Your assignment: In the entries below, find the line with "#2976 = LINE ( 'NONE', #2584, #3738 ) ;" and the line with "#3507 = VECTOR ( 'NONE', #2111, 1000. ) ;". Reproduce those two lines and every line between them exactly, and nothing more.

Exercise materials: Begin

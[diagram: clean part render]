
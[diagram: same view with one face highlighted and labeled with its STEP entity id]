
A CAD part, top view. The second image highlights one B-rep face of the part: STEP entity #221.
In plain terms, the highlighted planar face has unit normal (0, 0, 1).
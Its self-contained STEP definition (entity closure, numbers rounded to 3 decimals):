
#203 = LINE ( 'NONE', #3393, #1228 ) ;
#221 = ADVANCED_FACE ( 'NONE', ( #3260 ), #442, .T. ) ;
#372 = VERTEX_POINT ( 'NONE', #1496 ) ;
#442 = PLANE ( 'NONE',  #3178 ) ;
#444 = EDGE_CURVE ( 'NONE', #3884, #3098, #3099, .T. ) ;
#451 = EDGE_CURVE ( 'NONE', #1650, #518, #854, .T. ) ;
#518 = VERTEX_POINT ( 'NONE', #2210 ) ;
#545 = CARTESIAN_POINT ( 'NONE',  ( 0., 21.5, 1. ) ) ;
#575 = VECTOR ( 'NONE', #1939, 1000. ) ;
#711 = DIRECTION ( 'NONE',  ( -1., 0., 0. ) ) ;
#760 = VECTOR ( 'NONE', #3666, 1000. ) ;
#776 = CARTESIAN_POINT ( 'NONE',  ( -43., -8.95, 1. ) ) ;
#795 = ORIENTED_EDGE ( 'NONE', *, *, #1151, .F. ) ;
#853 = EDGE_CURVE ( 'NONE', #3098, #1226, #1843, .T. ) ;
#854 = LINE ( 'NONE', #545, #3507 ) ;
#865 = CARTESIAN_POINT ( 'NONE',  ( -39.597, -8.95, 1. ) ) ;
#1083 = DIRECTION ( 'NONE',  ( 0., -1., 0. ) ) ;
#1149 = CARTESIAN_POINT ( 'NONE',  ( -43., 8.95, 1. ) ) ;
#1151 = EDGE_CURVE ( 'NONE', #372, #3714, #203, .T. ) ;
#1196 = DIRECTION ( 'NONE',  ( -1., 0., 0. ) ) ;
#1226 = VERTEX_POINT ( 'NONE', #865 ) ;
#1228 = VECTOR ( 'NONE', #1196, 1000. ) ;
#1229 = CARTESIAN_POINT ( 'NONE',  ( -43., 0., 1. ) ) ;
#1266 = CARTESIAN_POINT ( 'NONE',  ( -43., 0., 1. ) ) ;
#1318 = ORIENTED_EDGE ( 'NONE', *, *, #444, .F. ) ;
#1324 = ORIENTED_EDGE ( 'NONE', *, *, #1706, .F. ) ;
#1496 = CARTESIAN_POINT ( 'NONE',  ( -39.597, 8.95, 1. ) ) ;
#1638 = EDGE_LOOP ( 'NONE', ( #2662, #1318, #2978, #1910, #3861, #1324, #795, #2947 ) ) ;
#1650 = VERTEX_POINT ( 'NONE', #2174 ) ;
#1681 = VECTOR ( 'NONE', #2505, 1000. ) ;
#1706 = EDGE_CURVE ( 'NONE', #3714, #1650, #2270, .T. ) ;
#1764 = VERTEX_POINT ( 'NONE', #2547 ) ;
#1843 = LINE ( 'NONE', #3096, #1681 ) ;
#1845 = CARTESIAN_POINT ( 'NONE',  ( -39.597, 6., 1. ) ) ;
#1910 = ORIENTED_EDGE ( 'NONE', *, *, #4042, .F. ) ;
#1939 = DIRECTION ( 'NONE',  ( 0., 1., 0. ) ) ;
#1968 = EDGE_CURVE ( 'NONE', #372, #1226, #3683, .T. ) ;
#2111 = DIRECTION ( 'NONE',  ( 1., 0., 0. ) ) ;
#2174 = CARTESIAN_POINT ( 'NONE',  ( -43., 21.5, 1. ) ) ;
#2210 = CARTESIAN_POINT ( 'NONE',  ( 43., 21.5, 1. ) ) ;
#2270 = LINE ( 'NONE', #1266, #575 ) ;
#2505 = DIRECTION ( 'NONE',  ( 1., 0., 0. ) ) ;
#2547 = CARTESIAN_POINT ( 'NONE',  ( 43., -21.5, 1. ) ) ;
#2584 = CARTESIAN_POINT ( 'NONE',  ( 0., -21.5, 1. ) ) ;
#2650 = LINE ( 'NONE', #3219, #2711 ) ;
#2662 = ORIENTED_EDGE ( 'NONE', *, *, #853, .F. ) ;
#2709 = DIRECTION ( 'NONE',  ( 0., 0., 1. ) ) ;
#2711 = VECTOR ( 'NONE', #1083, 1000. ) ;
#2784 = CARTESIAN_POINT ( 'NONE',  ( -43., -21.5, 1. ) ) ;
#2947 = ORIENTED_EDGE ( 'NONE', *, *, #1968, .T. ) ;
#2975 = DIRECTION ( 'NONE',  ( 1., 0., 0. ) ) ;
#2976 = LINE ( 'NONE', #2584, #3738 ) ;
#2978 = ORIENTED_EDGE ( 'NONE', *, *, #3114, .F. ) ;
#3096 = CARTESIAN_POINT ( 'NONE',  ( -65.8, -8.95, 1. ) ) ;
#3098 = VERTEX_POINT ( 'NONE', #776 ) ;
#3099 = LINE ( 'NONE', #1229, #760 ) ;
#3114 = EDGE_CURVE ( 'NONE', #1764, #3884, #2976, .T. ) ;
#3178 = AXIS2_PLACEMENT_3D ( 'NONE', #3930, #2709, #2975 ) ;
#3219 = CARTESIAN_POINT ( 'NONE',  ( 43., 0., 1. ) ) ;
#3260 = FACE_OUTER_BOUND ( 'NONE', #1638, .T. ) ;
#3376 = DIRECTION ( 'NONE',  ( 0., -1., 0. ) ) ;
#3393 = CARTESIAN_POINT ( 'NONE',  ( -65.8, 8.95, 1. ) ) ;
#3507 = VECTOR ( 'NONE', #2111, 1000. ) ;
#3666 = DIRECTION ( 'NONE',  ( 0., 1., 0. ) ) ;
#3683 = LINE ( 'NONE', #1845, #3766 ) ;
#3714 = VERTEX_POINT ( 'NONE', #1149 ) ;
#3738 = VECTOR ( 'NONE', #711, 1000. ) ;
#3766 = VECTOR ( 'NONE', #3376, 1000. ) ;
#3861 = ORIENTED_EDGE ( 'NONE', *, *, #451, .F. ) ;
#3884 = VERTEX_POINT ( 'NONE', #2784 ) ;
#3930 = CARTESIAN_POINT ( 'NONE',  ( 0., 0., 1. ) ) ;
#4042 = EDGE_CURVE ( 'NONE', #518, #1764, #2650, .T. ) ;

Exercise materials: End

Exercise output:
#2976 = LINE ( 'NONE', #2584, #3738 ) ;
#2978 = ORIENTED_EDGE ( 'NONE', *, *, #3114, .F. ) ;
#3096 = CARTESIAN_POINT ( 'NONE',  ( -65.8, -8.95, 1. ) ) ;
#3098 = VERTEX_POINT ( 'NONE', #776 ) ;
#3099 = LINE ( 'NONE', #1229, #760 ) ;
#3114 = EDGE_CURVE ( 'NONE', #1764, #3884, #2976, .T. ) ;
#3178 = AXIS2_PLACEMENT_3D ( 'NONE', #3930, #2709, #2975 ) ;
#3219 = CARTESIAN_POINT ( 'NONE',  ( 43., 0., 1. ) ) ;
#3260 = FACE_OUTER_BOUND ( 'NONE', #1638, .T. ) ;
#3376 = DIRECTION ( 'NONE',  ( 0., -1., 0. ) ) ;
#3393 = CARTESIAN_POINT ( 'NONE',  ( -65.8, 8.95, 1. ) ) ;
#3507 = VECTOR ( 'NONE', #2111, 1000. ) ;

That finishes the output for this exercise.